» **Exercise prompt**
Each entry below is to be reproduced exactly, though any pictures it holds must be omitted.

» **Input material**

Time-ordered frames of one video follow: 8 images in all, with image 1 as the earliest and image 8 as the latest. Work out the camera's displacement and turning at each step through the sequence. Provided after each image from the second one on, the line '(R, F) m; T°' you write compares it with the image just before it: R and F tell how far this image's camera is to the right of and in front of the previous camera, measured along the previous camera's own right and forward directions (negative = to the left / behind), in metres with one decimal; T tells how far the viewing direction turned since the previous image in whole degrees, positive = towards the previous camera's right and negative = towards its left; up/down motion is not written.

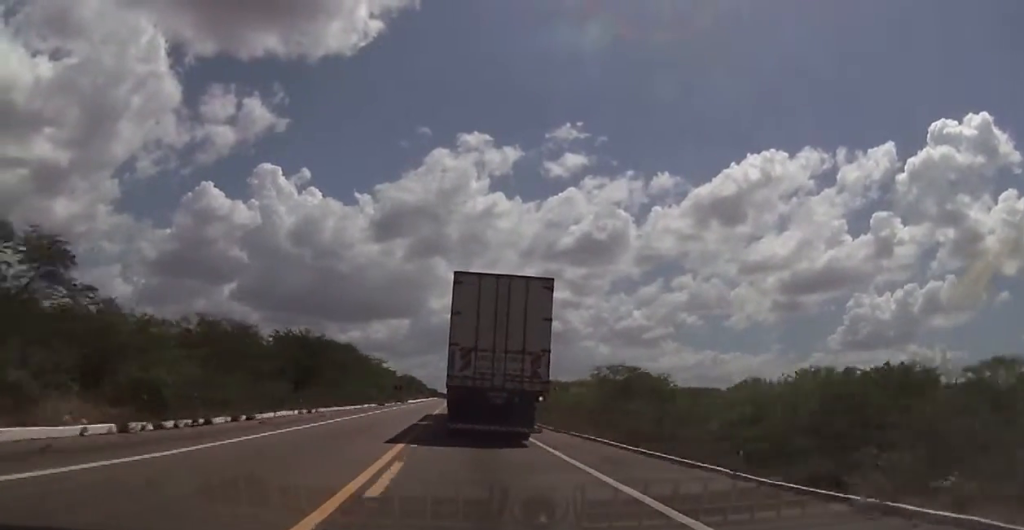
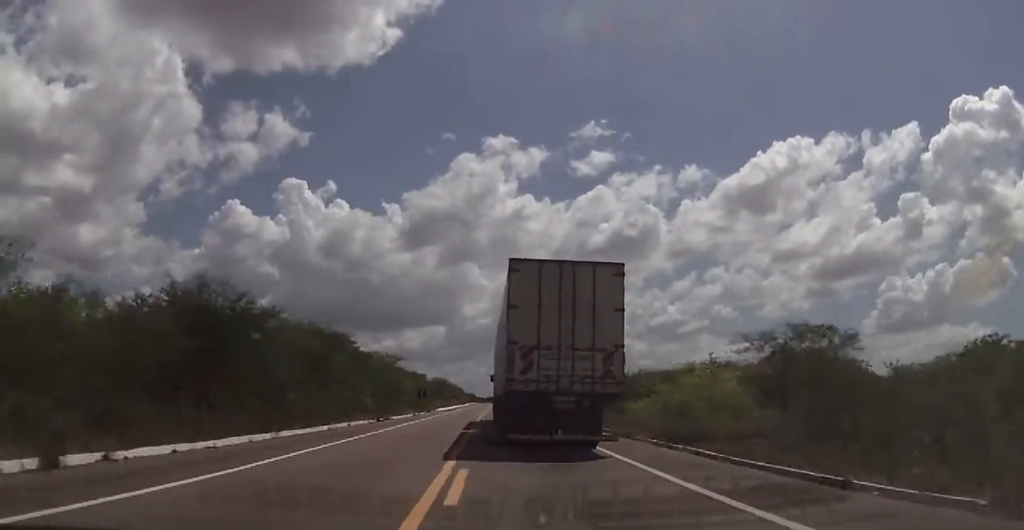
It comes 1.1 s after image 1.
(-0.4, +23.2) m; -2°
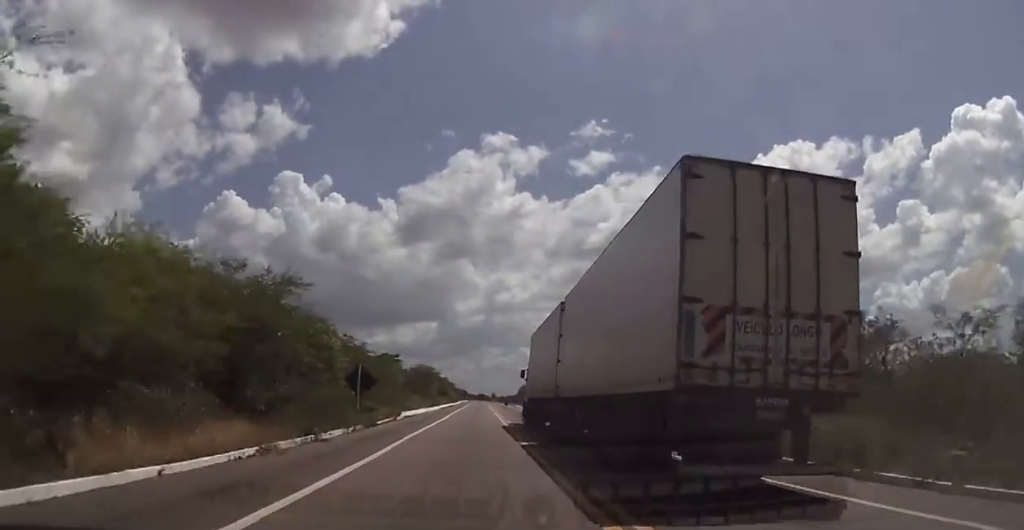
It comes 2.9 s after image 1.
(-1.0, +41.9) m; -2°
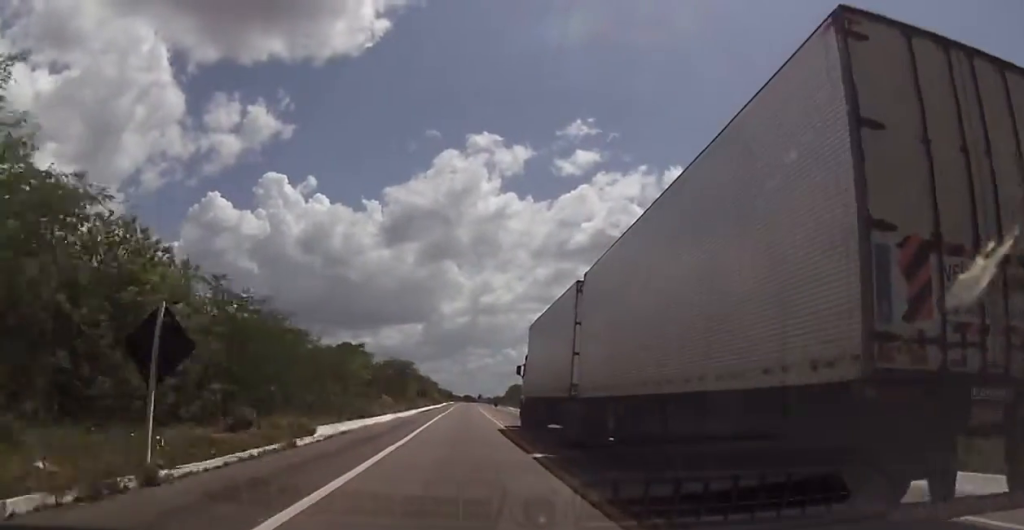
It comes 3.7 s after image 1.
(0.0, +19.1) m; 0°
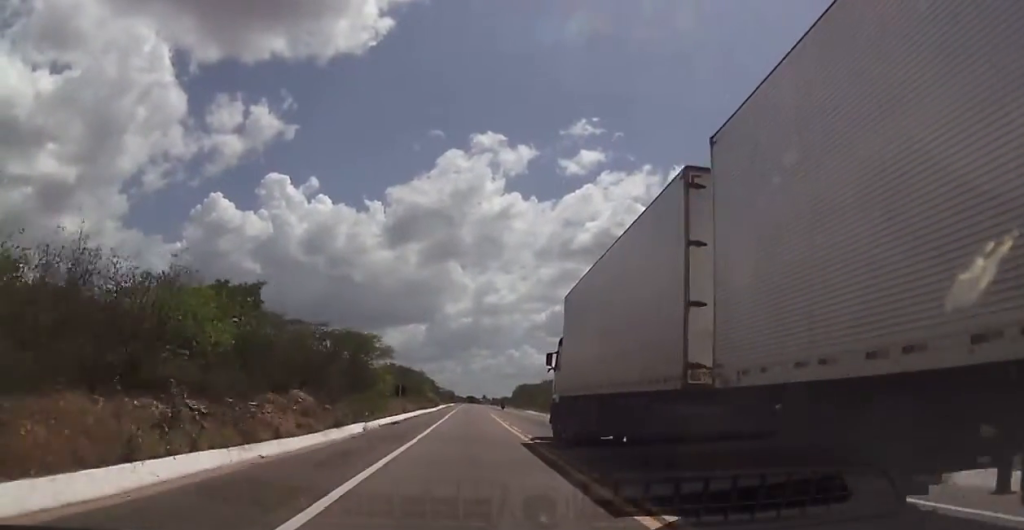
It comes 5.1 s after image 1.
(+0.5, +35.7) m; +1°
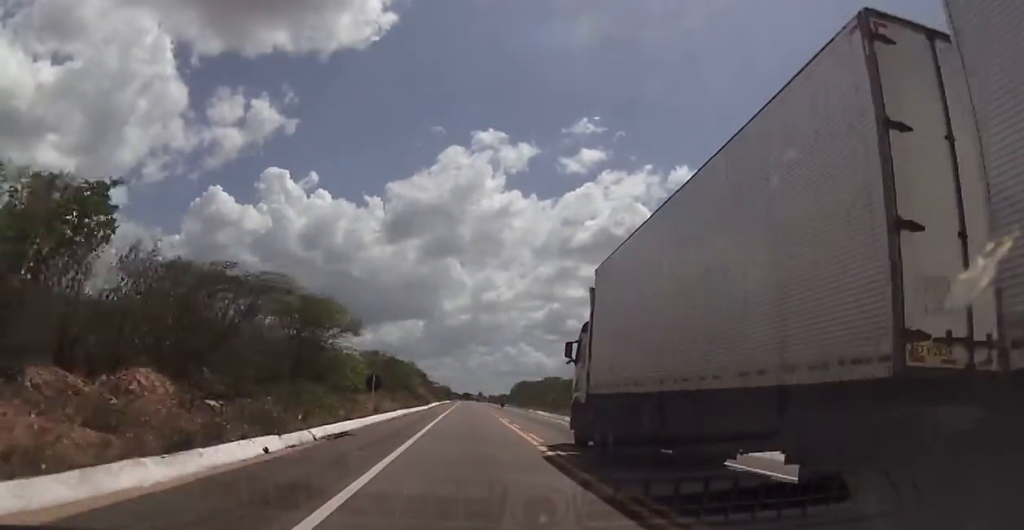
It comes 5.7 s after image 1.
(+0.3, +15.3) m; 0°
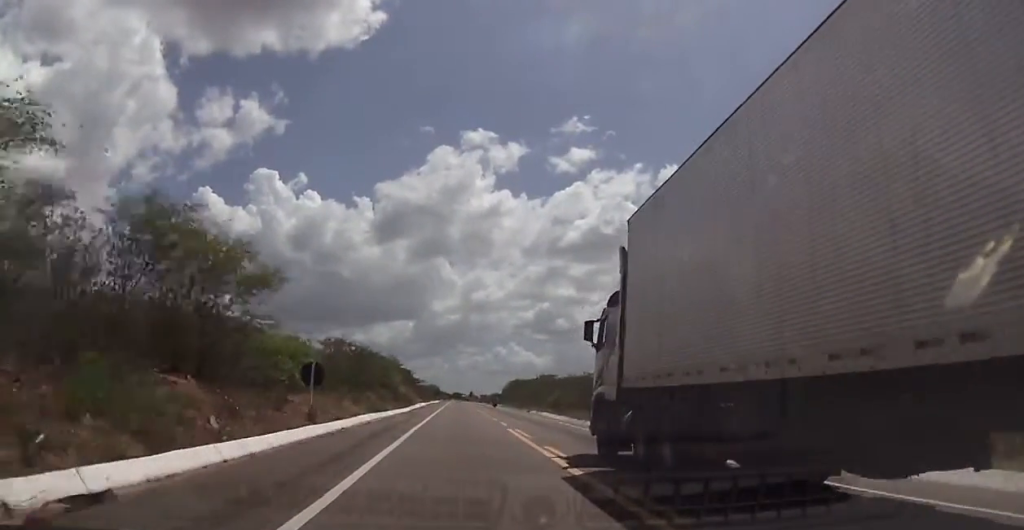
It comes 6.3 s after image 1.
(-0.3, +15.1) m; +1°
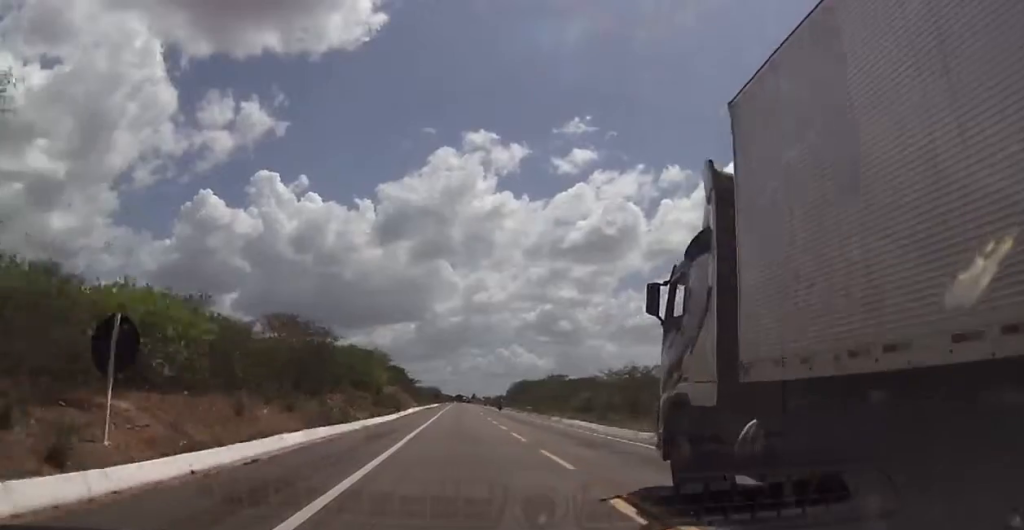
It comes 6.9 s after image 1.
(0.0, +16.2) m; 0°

» **Solution to this exercise**
Time-ordered frames of one video follow: 8 images in all, with image 1 as the earliest and image 8 as the latest. Work out the camera's displacement and turning at each step through the sequence. Provided after each image from the second one on, the line '(R, F) m; T°' you write compares it with the image just before it: R and F tell how far this image's camera is to the right of and in front of the previous camera, measured along the previous camera's own right and forward directions (negative = to the left / behind), in metres with one decimal; T tells how far the viewing direction turned since the previous image in whole degrees, positive = towards the previous camera's right and negative = towards its left; up/down motion is not written.

It comes 1.1 s after image 1.
(-0.4, +23.2) m; -2°
It comes 2.9 s after image 1.
(-1.0, +41.9) m; -2°
It comes 3.7 s after image 1.
(0.0, +19.1) m; 0°
It comes 5.1 s after image 1.
(+0.5, +35.7) m; +1°
It comes 5.7 s after image 1.
(+0.3, +15.3) m; 0°
It comes 6.3 s after image 1.
(-0.3, +15.1) m; +1°
It comes 6.9 s after image 1.
(0.0, +16.2) m; 0°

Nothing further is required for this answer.